# JSON to Temporal Graph

In [1]:
import json
import pickle
from datetime import datetime, timedelta

import numpy as np
import torch

In [2]:
path = "../data/train_delay.json"
with open(path) as file:
    data = json.load(file)

path_info = "../data/train_info.json"
with open(path_info) as file:
    info = json.load(file)

## Static graph temporal data
Reference used: [WikiMathsDatasetLoader](https://pytorch-geometric-temporal.readthedocs.io/en/latest/_modules/torch_geometric_temporal/dataset/wikimath.html#WikiMathsDatasetLoader)

### Map stations to ids

In [3]:
trains = []
station_ids = {}
# set id to 0
id = 0
# iterate over the trains
for train, train_data in data.items():
    trains.append(train)
    # take the first date entry. The stations are the entry's keys
    stations = list(train_data.values())[0].keys()
    # iterate over the stations
    for station in stations:
        # if station isn't in station id keys, save it with value as current id
        if station not in station_ids:
            station_ids[station] = id
            # increment the id
            id += 1

In [4]:
print(f"#trains: {len(trains)}")
print(f"#stations: {len(station_ids)}")

#trains: 89
#stations: 984


### Create the static edge index and compute the edge weights

In [5]:
# create a list to hold the edges
edge_list = []
num_trains = []
# distance_list = []
# iterate over the trains
for train, train_data in data.items():
    # take the first date entry.
    stations = list(list(train_data.values())[0].keys())
    # iterate upto the second last station
    for i in range(len(stations) - 1):
        # add (station, next station) to the edge index
        src_code = stations[i]
        dst_code = stations[i + 1]

        src = station_ids[stations[i]]
        dst = station_ids[stations[i + 1]]

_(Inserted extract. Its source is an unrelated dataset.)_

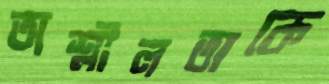
অশ্লীলতাকে
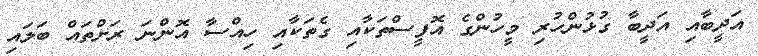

        # src_dist = int(info[train]["stationDict"][src_code]["distance"])
        # dst_dist = int(info[train]["stationDict"][dst_code]["distance"])
        # distance_list.append(dst_dist - src_dist)

        try:
            idx = edge_list.index((src, dst))
            num_trains[idx] += 1
        except ValueError:
            edge_list.append((src, dst))
            num_trains.append(1)

# Convert it to an array of shape (2, #edges)
edge_index = np.array(edge_list).T
num_trains_array = np.array(num_trains)

del edge_list, num_trains

In [6]:
"""
# maintain a list for [(src, dst, dist), ...]
distance_dict = {}
# itearte over the trains in info
for train in info:
    # if we don't have the delay data for this train, pass.
    if train["trainNumber"] not in trains:
        continue
    # iterate over the stations in the station list
    # starting from the second entry upto the last
    for i in range(1, len(train["stationList"])):
        print(train["trainNumber"], train[""])
        prev_station = station_ids[train["stationList"][i - 1]["stationCode"]]
        curr_station = station_ids[train["stationList"][i]["stationCode"]]
        prev_dist = int(train["stationList"][i - 1]["distance"])
        curr_dist = int(train["stationList"][i]["distance"])
        # Add current_distance - prev_distance for edge
        # (prev station, current station) to the dictionary.
        # if the edge already exists, take the min of the two.
        dist = curr_dist - prev_dist
        try:
            distance_dict[(prev_station, curr_station)] = min(dist, distance_dict[(prev_station, curr_station)])
        except KeyError:
            distance_dict[(prev_station, curr_station)] = dist

# convert the list to a numpy array of shape (#edges, dist) sorted by src node.
distance_list = [(k[0], k[1], d) for k, d in distance_dict.items()]
distance_list = sorted(distance_list, key=lambda t: t[0])
distance_array = np.array([i[2] for i in distance_list])

del distance_dict
"""

'\n# maintain a list for [(src, dst, dist), ...]\ndistance_dict = {}\n# itearte over the trains in info\nfor train in info:\n    # if we don\'t have the delay data for this train, pass.\n    if train["trainNumber"] not in trains:\n        continue\n    # iterate over the stations in the station list\n    # starting from the second entry upto the last\n    for i in range(1, len(train["stationList"])):\n        print(train["trainNumber"], train[""])\n        prev_station = station_ids[train["stationList"][i - 1]["stationCode"]]\n        curr_station = station_ids[train["stationList"][i]["stationCode"]]\n        prev_dist = int(train["stationList"][i - 1]["distance"])\n        curr_dist = int(train["stationList"][i]["distance"])\n        # Add current_distance - prev_distance for edge\n        # (prev station, current station) to the dictionary.\n        # if the edge already exists, take the min of the two.\n        dist = curr_dist - prev_dist\n        try:\n            distance_dict[(p

In [7]:
edge_weights = num_trains_array
# edge_weights = distance_array
# edge_weights = np.stack((distance_array, num_trains_array)).T

In [8]:
print(edge_index.shape)
print(edge_weights.shape)

(2, 1470)
(1470,)


### Create the temporal snapshots

In [9]:
str_to_date = lambda str_: datetime.strptime(str_, '%d-%m-%Y').date()
date_to_str = lambda date_: date_.strftime("%d-%m-%Y")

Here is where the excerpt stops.